== Directions ==
Look through the entries below and extract exactly the lines from the one containing "Q: Is the spacing between lines" through the one containing "Q: Monospaced? A: No.", ends included.

START Given entries

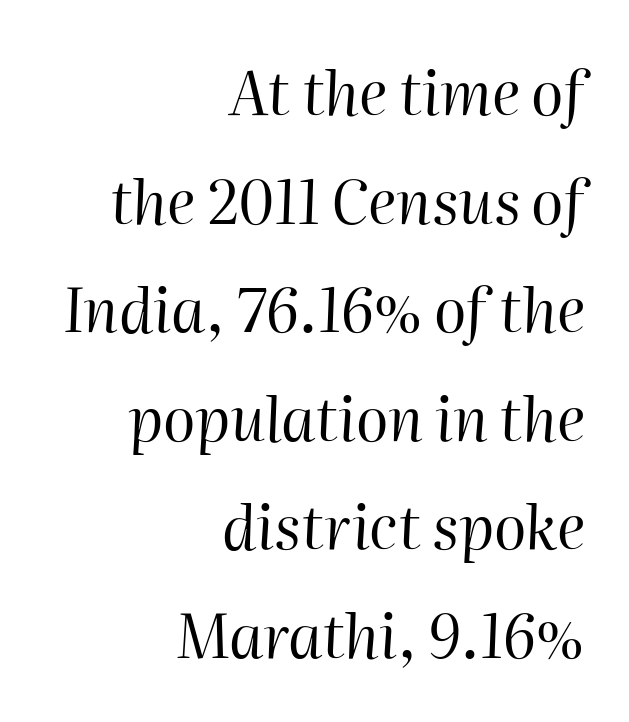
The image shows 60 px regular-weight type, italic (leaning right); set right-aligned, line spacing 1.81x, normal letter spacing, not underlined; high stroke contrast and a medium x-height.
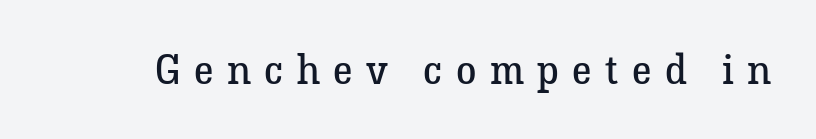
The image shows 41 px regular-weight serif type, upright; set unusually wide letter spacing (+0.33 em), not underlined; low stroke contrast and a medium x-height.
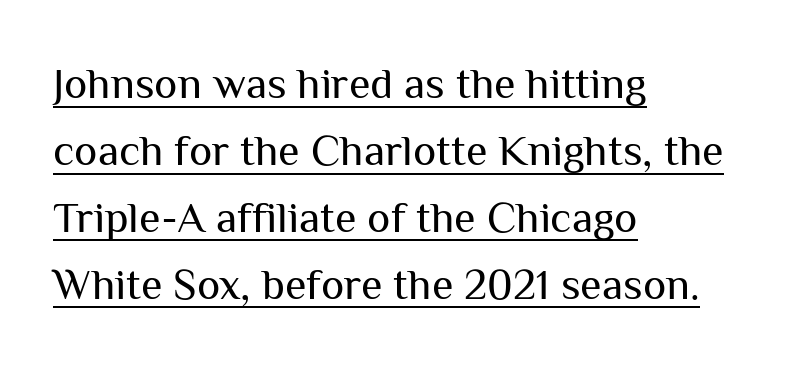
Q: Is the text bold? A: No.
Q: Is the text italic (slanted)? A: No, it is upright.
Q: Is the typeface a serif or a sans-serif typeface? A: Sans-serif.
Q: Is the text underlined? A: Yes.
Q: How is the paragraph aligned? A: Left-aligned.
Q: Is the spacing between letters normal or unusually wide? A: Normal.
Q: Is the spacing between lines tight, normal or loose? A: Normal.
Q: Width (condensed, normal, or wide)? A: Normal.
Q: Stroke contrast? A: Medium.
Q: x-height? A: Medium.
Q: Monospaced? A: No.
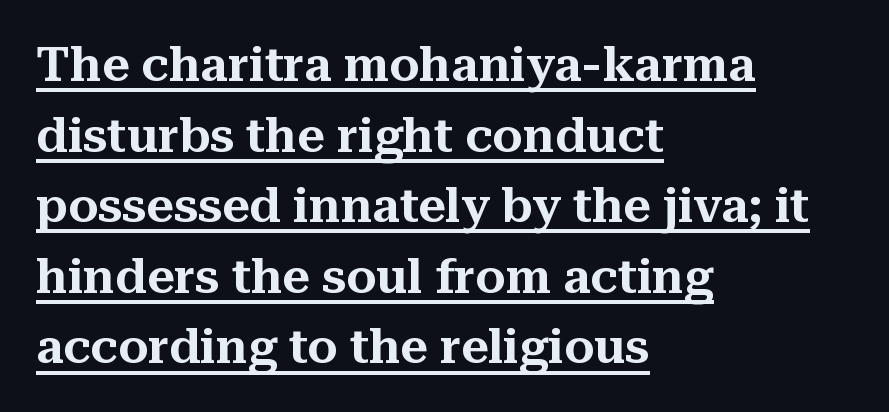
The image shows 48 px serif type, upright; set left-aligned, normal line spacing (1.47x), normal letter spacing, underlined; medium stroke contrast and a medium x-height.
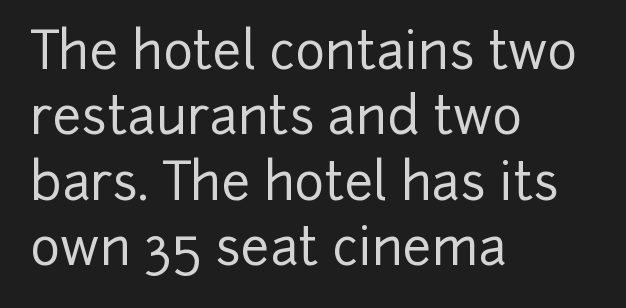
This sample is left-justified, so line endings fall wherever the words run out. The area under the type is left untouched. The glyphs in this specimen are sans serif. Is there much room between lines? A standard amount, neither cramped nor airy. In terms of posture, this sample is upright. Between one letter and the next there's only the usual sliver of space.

END Given entries

== Task answer ==
Q: Is the spacing between lines tight, normal or loose? A: Normal.
Q: Width (condensed, normal, or wide)? A: Normal.
Q: Stroke contrast? A: Medium.
Q: x-height? A: Medium.
Q: Monospaced? A: No.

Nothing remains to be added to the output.